WHAT NEEDS TO BE DONE: Please write out every line of the material exactly.

GIVEN ENTRIES:
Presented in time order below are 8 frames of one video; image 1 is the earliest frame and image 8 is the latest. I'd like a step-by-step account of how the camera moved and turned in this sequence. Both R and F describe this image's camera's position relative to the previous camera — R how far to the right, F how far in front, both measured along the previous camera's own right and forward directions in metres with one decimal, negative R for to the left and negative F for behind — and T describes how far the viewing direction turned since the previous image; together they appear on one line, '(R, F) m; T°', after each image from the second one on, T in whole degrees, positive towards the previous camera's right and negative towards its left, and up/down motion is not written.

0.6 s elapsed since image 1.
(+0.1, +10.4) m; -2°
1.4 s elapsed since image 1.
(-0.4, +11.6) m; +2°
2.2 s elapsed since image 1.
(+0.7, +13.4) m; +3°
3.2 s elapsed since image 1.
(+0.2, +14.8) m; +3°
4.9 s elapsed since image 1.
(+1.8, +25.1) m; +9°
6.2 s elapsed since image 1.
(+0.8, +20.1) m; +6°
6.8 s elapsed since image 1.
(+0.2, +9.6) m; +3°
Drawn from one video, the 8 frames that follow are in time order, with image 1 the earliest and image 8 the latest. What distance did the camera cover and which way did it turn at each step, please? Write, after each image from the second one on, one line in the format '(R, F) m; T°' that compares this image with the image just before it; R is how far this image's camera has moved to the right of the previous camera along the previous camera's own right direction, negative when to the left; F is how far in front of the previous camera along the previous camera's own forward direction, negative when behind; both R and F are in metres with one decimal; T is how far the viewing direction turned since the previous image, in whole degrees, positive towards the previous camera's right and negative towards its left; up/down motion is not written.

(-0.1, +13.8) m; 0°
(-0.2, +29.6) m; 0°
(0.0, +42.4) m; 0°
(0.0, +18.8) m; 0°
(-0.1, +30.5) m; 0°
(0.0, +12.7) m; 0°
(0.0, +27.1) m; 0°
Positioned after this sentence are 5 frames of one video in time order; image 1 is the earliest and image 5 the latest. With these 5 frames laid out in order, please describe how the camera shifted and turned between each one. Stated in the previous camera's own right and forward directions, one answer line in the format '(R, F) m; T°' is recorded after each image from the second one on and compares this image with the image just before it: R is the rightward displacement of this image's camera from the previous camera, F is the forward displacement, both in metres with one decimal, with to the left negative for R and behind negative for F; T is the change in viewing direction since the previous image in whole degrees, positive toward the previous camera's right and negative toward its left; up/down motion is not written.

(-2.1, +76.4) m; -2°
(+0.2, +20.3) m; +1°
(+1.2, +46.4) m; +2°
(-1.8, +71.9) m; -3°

EXPECTED ANSWER:
Presented in time order below are 8 frames of one video; image 1 is the earliest frame and image 8 is the latest. I'd like a step-by-step account of how the camera moved and turned in this sequence. Both R and F describe this image's camera's position relative to the previous camera — R how far to the right, F how far in front, both measured along the previous camera's own right and forward directions in metres with one decimal, negative R for to the left and negative F for behind — and T describes how far the viewing direction turned since the previous image; together they appear on one line, '(R, F) m; T°', after each image from the second one on, T in whole degrees, positive towards the previous camera's right and negative towards its left, and up/down motion is not written.

0.6 s elapsed since image 1.
(+0.1, +10.4) m; -2°
1.4 s elapsed since image 1.
(-0.4, +11.6) m; +2°
2.2 s elapsed since image 1.
(+0.7, +13.4) m; +3°
3.2 s elapsed since image 1.
(+0.2, +14.8) m; +3°
4.9 s elapsed since image 1.
(+1.8, +25.1) m; +9°
6.2 s elapsed since image 1.
(+0.8, +20.1) m; +6°
6.8 s elapsed since image 1.
(+0.2, +9.6) m; +3°
Drawn from one video, the 8 frames that follow are in time order, with image 1 the earliest and image 8 the latest. What distance did the camera cover and which way did it turn at each step, please? Write, after each image from the second one on, one line in the format '(R, F) m; T°' that compares this image with the image just before it; R is how far this image's camera has moved to the right of the previous camera along the previous camera's own right direction, negative when to the left; F is how far in front of the previous camera along the previous camera's own forward direction, negative when behind; both R and F are in metres with one decimal; T is how far the viewing direction turned since the previous image, in whole degrees, positive towards the previous camera's right and negative towards its left; up/down motion is not written.

(-0.1, +13.8) m; 0°
(-0.2, +29.6) m; 0°
(0.0, +42.4) m; 0°
(0.0, +18.8) m; 0°
(-0.1, +30.5) m; 0°
(0.0, +12.7) m; 0°
(0.0, +27.1) m; 0°
Positioned after this sentence are 5 frames of one video in time order; image 1 is the earliest and image 5 the latest. With these 5 frames laid out in order, please describe how the camera shifted and turned between each one. Stated in the previous camera's own right and forward directions, one answer line in the format '(R, F) m; T°' is recorded after each image from the second one on and compares this image with the image just before it: R is the rightward displacement of this image's camera from the previous camera, F is the forward displacement, both in metres with one decimal, with to the left negative for R and behind negative for F; T is the change in viewing direction since the previous image in whole degrees, positive toward the previous camera's right and negative toward its left; up/down motion is not written.

(-2.1, +76.4) m; -2°
(+0.2, +20.3) m; +1°
(+1.2, +46.4) m; +2°
(-1.8, +71.9) m; -3°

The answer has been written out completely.